Si les juges de la Cour donnent leur feu vert à cette idée, la procureure pourrait alors ouvrir une enquête préliminaire, du fait que le Bangladesh est membre de la CPI. Cela pourrait conduire à des mandats d’arrêt contre des responsables birmans. Ce serait entrer en « territoire inconnu », analyse Kingsley Abbott, un représentant, basé à Bangkok, de la Commission internationale des juristes (CIJ).

Qui pourrait être poursuivi ?

La CPI poursuit des individus, pas des pays. Le rapport de l’ONU diffusé lundi mentionne nommément six hauts responsables de l’armée birmane, dont son chef, le général Min Aung Hlaing.

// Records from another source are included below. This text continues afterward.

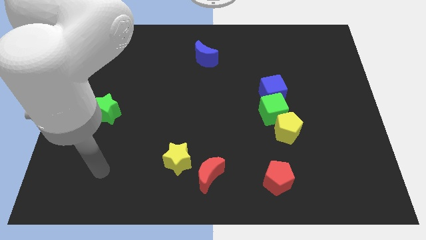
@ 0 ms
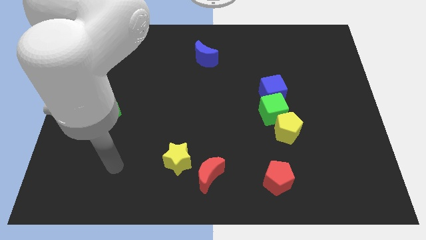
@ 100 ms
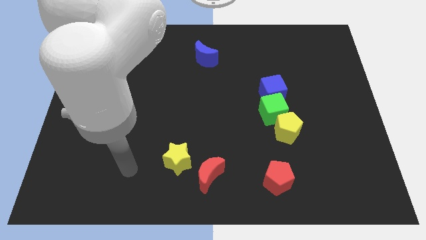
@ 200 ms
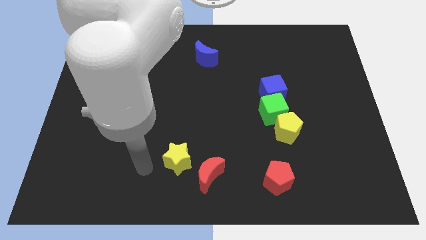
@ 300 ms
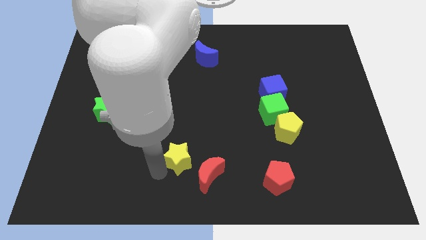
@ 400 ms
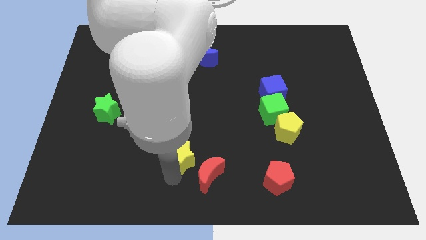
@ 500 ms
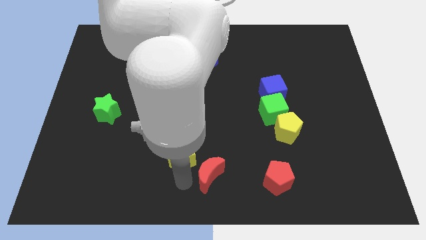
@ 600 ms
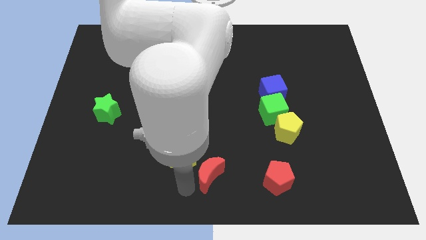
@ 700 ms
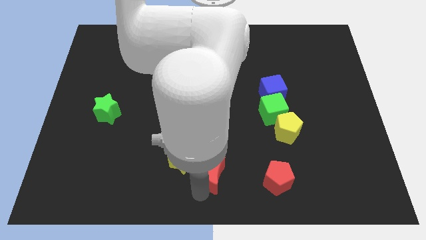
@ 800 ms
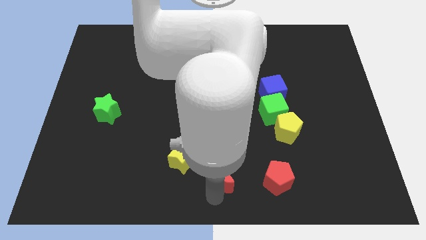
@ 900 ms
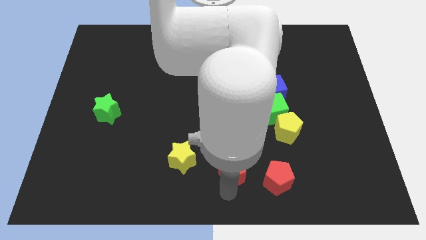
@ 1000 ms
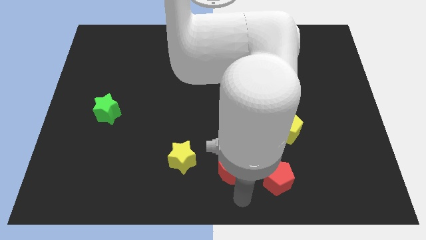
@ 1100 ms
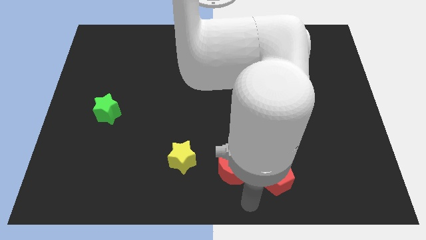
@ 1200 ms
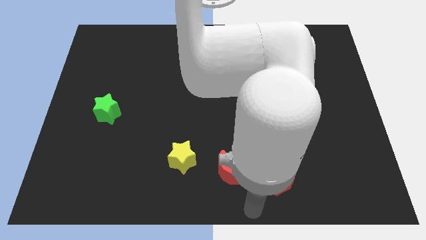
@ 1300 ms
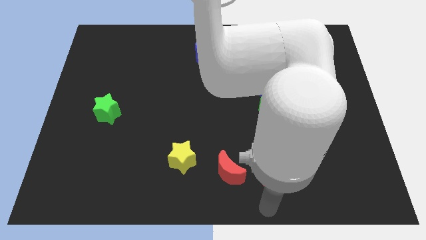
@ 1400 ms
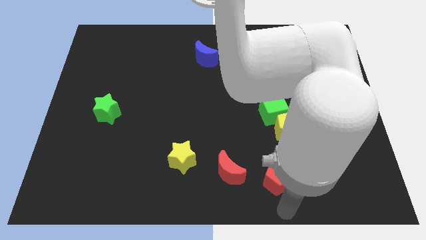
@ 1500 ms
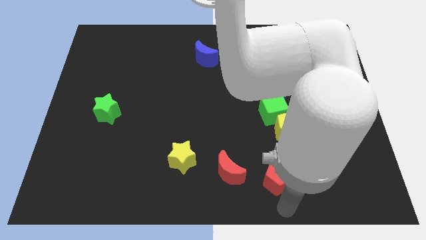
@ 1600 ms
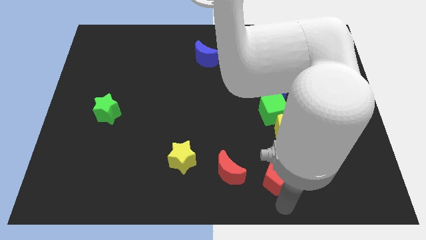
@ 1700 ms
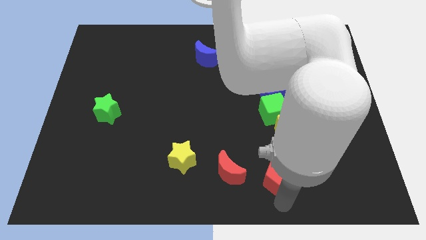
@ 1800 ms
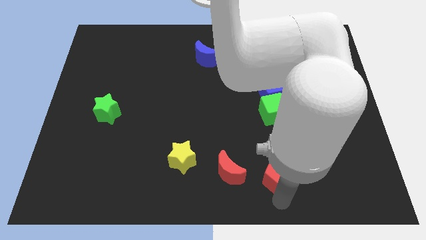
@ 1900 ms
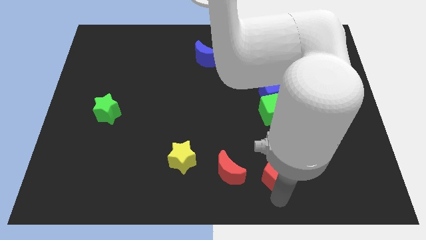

Les enquêteurs de l’ONU invoquent leur responsabilité en raison du commandement direct qu’ils exercent sur les troupes ayant réalisé les opérations de « nettoyage ethnique » en Etat Rakhine, une région du nord-ouest de la Birmanie où vivaient jusqu’alors la majorité des Rohingyas. Mais la CPI est limitée par le fait qu’elle ne peut forcer ni la Birmanie ni aucun autre pays où se rendraient ces responsables à les expulser.

Quid d’Aung San Suu Kyi ?

Il est fort peu probable que la lauréate du Prix Nobel de la Paix, qui dirige de facto le gouvernement birman, soit poursuivie, malgré les critiques internationales dont elle fait l’objet en raison de son silence sur le drame. A la tête du gouvernement civil birman, elle n’a aucun contrôle sur les ministères clefs de la Défense et de l’Intérieur, qui restent sous la houlette directe de la hiérarchie militaire.

Malgré l’autodissolution officielle en 2011 de la junte militaire au pouvoir pendant des décennies en Birmanie, l’armée reste un acteur politique de premier plan, menant la danse notamment en Etat Rakhine, théâtre du drame rohingya, et dans les autres régions secouées par des guérillas ethniques. Mais les enquêteurs de l’ONU ont mis en exergue le fait qu’elle n’a pas utilisé son aura d' »autorité morale » dans son pays. Son gouvernement est aussi accusé d’avoir nié tout problème, d’avoir empêché l’enquête de l’ONU et d’avoir propagé des mensonges. « A travers leurs actes et omissions, les autorités civiles ont contribué aux atrocités », dit le rapport de l’ONU.